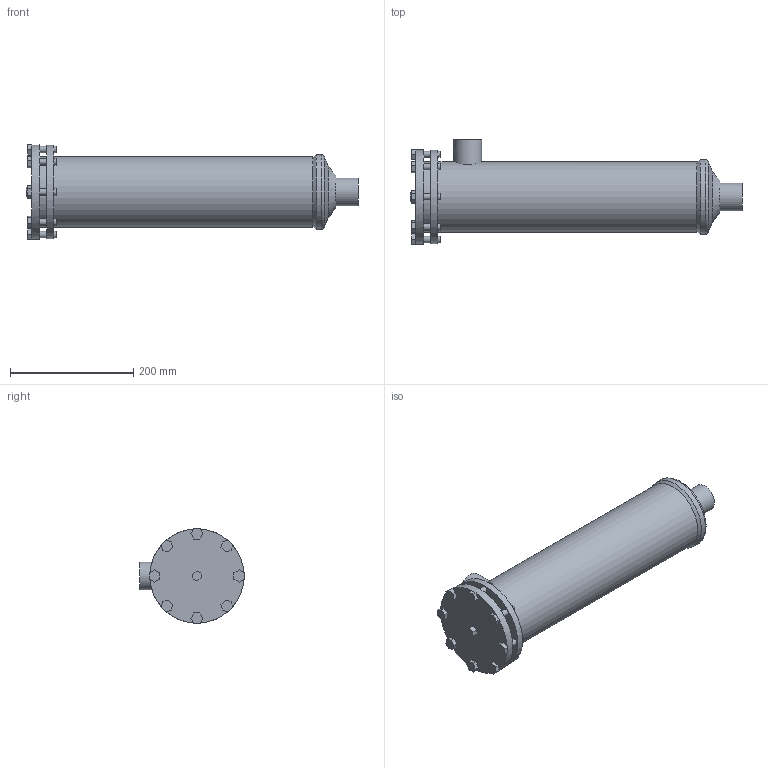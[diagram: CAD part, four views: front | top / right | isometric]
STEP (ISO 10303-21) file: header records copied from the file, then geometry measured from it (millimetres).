
FILE_DESCRIPTION(/* description */ (''),/* implementation_level */ '2;1');
FILE_NAME(/* name */ '023U7269R.stp',/* time_stamp */ '2022-08-10T15:38:42+03:00',/* author */ ('U403152'),/* organization */ (''),/* preprocessor_version */ 'ST-DEVELOPER v18.1',/* originating_system */ 'Autodesk Inventor 2020',/* authorisation */ '');
FILE_SCHEMA (('AUTOMOTIVE_DESIGN { 1 0 10303 214 3 1 1 }'));
Length unit declared in the file: micrometre
Products named in the file (1): ╕╔╘я╣¤┬╦═░DFS-144
13S-000
Bounding box: 538.5 x 170 x 154 mm (x, y, z)
Volume: 4694632 mm3; surface area: 309539.8 mm2
Topology: 1 solids, 1 shells, 121 faces, 338 edges, 237 vertices
Faces by surface type: plane 89, cylinder 28, cone 3, torus 1
Full cylindrical faces by diameter (mm): 10 x16, 36.5 x2, 41.5 x2, 45.1 x2, 114 x2, 120.39 x1, 152 x1, 153 x1
Entity records: 4175 total; most frequent: CARTESIAN_POINT 829, DIRECTION 704, ORIENTED_EDGE 676, EDGE_CURVE 338, AXIS2_PLACEMENT_3D 248, VERTEX_POINT 237, LINE 208, VECTOR 208
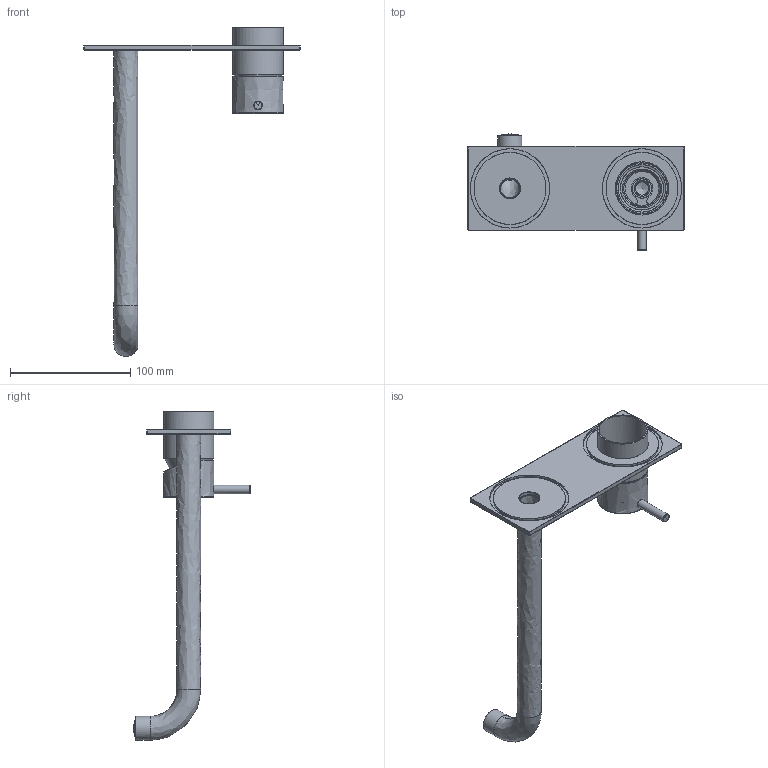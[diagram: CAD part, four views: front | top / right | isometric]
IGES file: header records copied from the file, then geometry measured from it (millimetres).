
Start section: C
Global section: file name: CB106-25.igs; native system: By Siemens PLM Incorporated; preprocessor: XPlus GENERIC/IGES 24.1.129; author: Author; organization: Title; date: 20231120.144237; units: millimetre
Bounding box: 180 x 97.52 x 273.8 mm (x, y, z)
Surface area: 83980.7 mm2 (no closed solid volume)
Topology: 0 solids, 0 shells, 329 faces, 1818 edges, 1810 vertices
Faces by surface type: bspline 329

........

> [What the exercise asks]:
Images in the records must not be repeated; everything else should be returned exactly.

> [Answer section]:
[diagram: CAD part, four views: front | top / right | isometric]
STEP (ISO 10303-21) file: header records copied from the file, then geometry measured from it (millimetres).
FILE_DESCRIPTION(/* description */ (''),/* implementation_level */ '2;1');
FILE_NAME(/* name */ '023U7269R.stp',/* time_stamp */ '2022-08-10T15:38:42+03:00',/* author */ ('U403152'),/* organization */ (''),/* preprocessor_version */ 'ST-DEVELOPER v18.1',/* originating_system */ 'Autodesk Inventor 2020',/* authorisation */ '');
FILE_SCHEMA (('AUTOMOTIVE_DESIGN { 1 0 10303 214 3 1 1 }'));
Length unit declared in the file: micrometre
Products named in the file (1): ╕╔╘я╣¤┬╦═░DFS-144
13S-000
Bounding box: 538.5 x 170 x 154 mm (x, y, z)
Volume: 4694632 mm3; surface area: 309539.8 mm2
Topology: 1 solids, 1 shells, 121 faces, 338 edges, 237 vertices
Faces by surface type: plane 89, cylinder 28, cone 3, torus 1
Full cylindrical faces by diameter (mm): 10 x16, 36.5 x2, 41.5 x2, 45.1 x2, 114 x2, 120.39 x1, 152 x1, 153 x1
Entity records: 4175 total; most frequent: CARTESIAN_POINT 829, DIRECTION 704, ORIENTED_EDGE 676, EDGE_CURVE 338, AXIS2_PLACEMENT_3D 248, VERTEX_POINT 237, LINE 208, VECTOR 208
[diagram: CAD part, four views: front | top / right | isometric]
IGES file: header records copied from the file, then geometry measured from it (millimetres).
Start section: C
Global section: file name: CB106-25.igs; native system: By Siemens PLM Incorporated; preprocessor: XPlus GENERIC/IGES 24.1.129; author: Author; organization: Title; date: 20231120.144237; units: millimetre
Bounding box: 180 x 97.52 x 273.8 mm (x, y, z)
Surface area: 83980.7 mm2 (no closed solid volume)
Topology: 0 solids, 0 shells, 329 faces, 1818 edges, 1810 vertices
Faces by surface type: bspline 329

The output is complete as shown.